* **WHAT YOU SHOULD DO**
Setting aside any pictures, reproduce the data exactly.

* **Collection entries**

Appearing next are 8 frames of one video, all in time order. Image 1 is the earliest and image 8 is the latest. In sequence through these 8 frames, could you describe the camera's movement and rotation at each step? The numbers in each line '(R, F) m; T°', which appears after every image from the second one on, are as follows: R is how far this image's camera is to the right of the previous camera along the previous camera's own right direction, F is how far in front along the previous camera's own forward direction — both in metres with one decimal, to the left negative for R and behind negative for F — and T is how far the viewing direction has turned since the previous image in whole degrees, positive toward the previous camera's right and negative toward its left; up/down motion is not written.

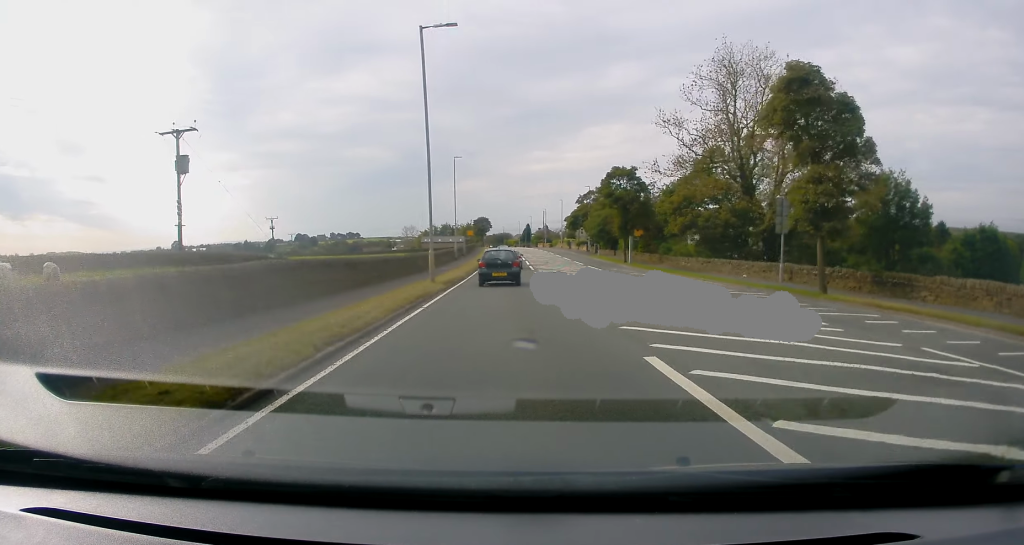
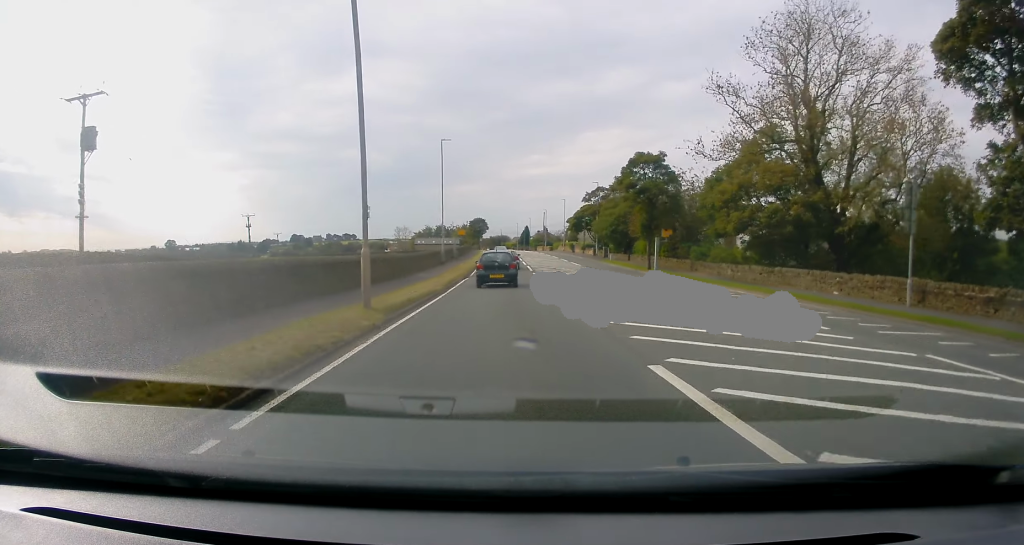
(0.0, +10.5) m; 0°
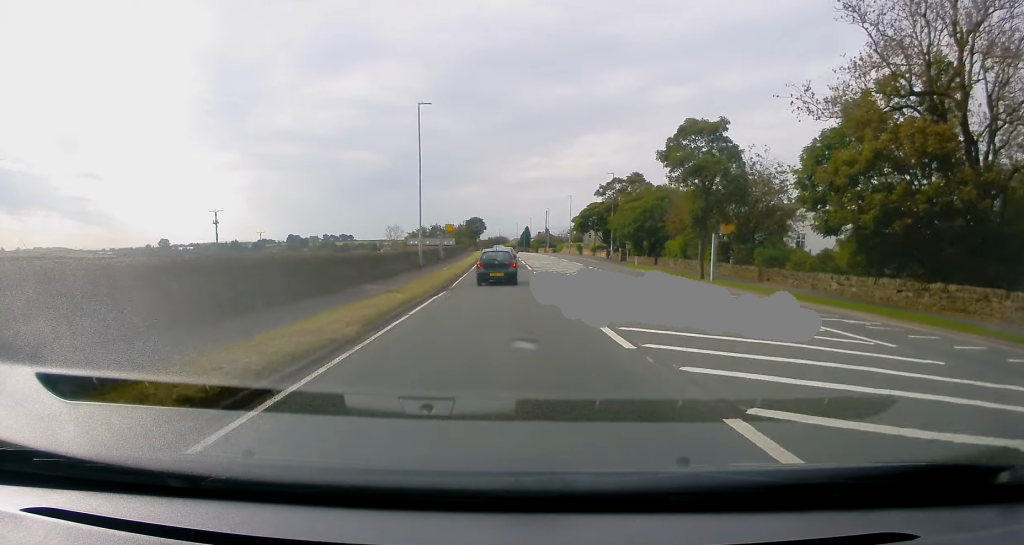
(0.0, +12.8) m; +1°
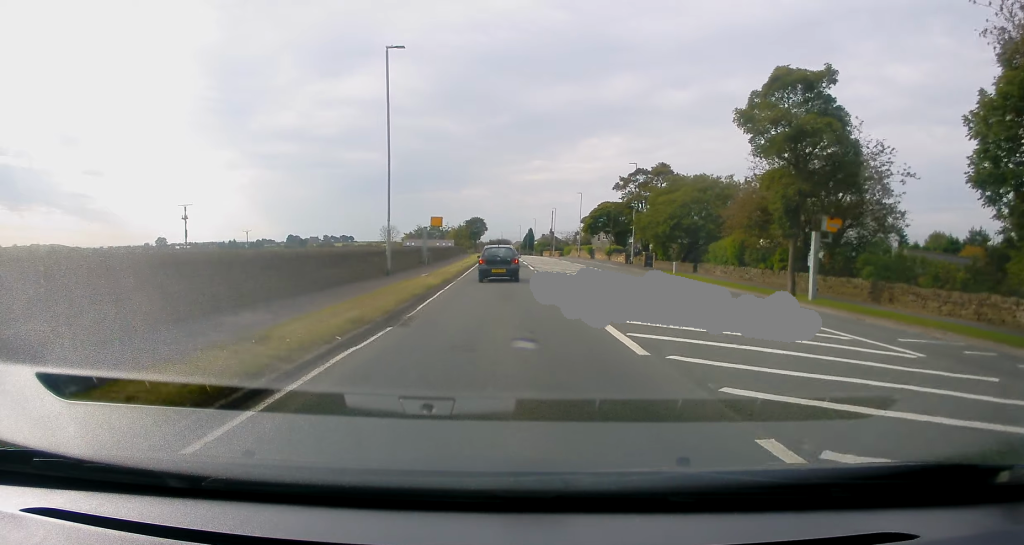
(+0.3, +10.9) m; 0°
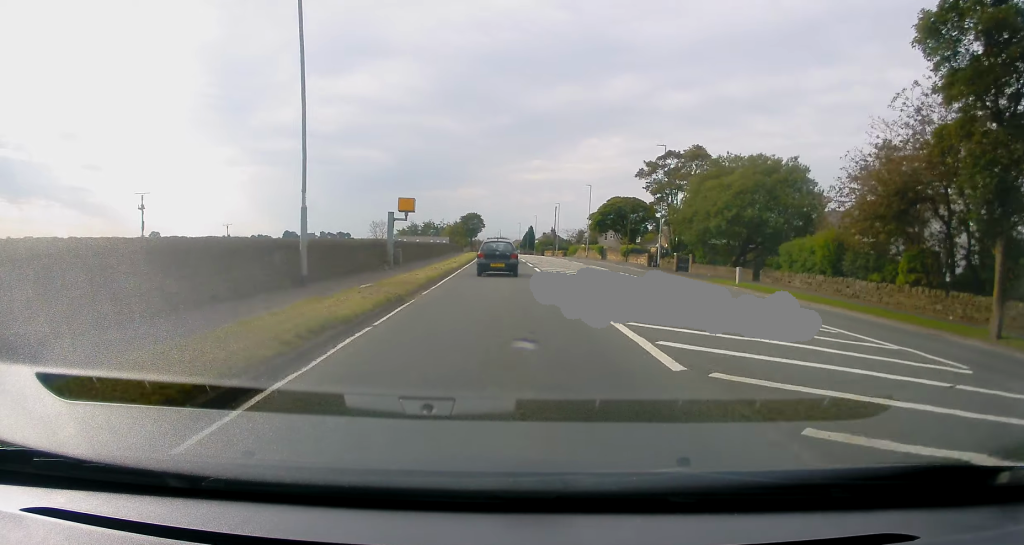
(-0.2, +11.2) m; -1°
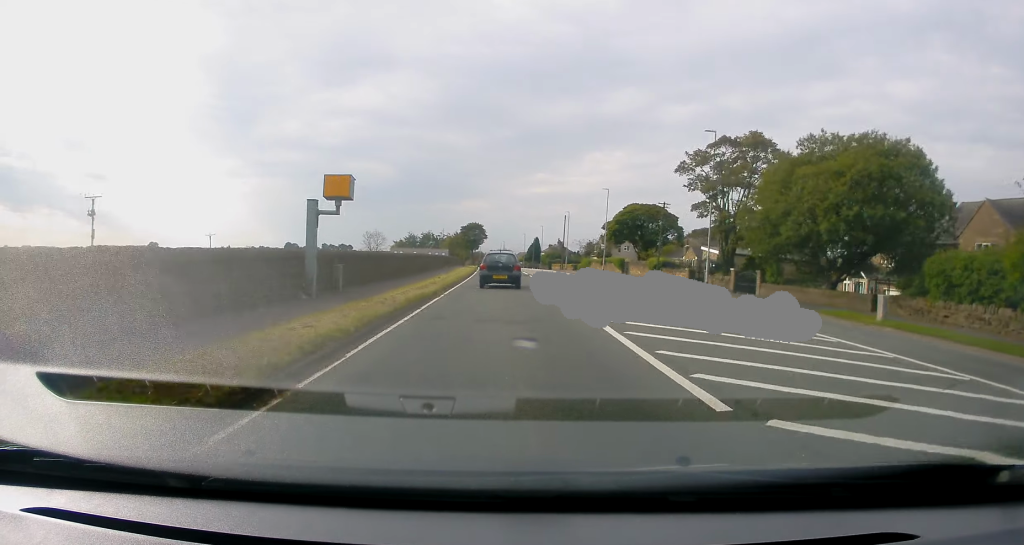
(0.0, +11.7) m; -1°
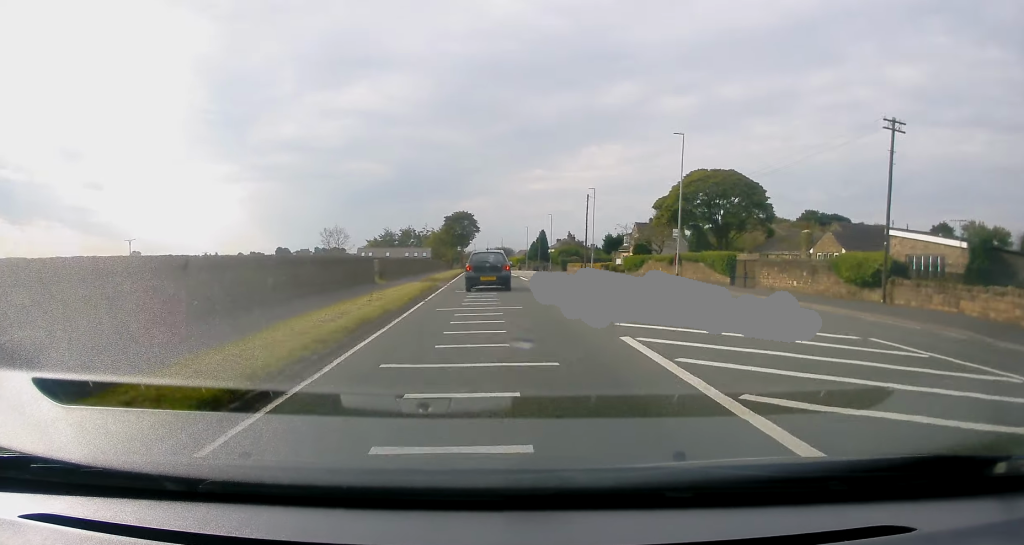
(+0.1, +33.2) m; 0°
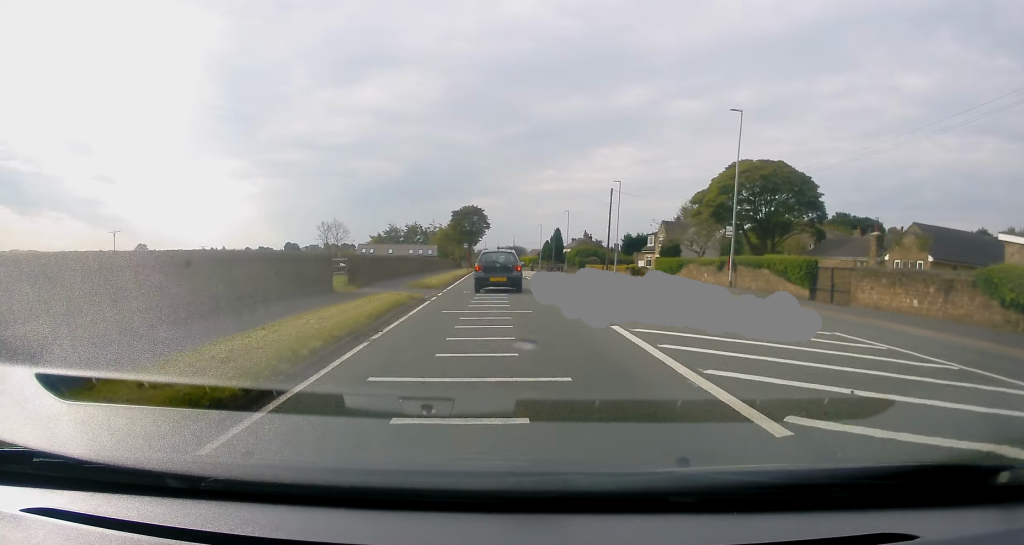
(-0.2, +8.2) m; -1°

* **RESULT**
Appearing next are 8 frames of one video, all in time order. Image 1 is the earliest and image 8 is the latest. In sequence through these 8 frames, could you describe the camera's movement and rotation at each step? The numbers in each line '(R, F) m; T°', which appears after every image from the second one on, are as follows: R is how far this image's camera is to the right of the previous camera along the previous camera's own right direction, F is how far in front along the previous camera's own forward direction — both in metres with one decimal, to the left negative for R and behind negative for F — and T is how far the viewing direction has turned since the previous image in whole degrees, positive toward the previous camera's right and negative toward its left; up/down motion is not written.

(0.0, +10.5) m; 0°
(0.0, +12.8) m; +1°
(+0.3, +10.9) m; 0°
(-0.2, +11.2) m; -1°
(0.0, +11.7) m; -1°
(+0.1, +33.2) m; 0°
(-0.2, +8.2) m; -1°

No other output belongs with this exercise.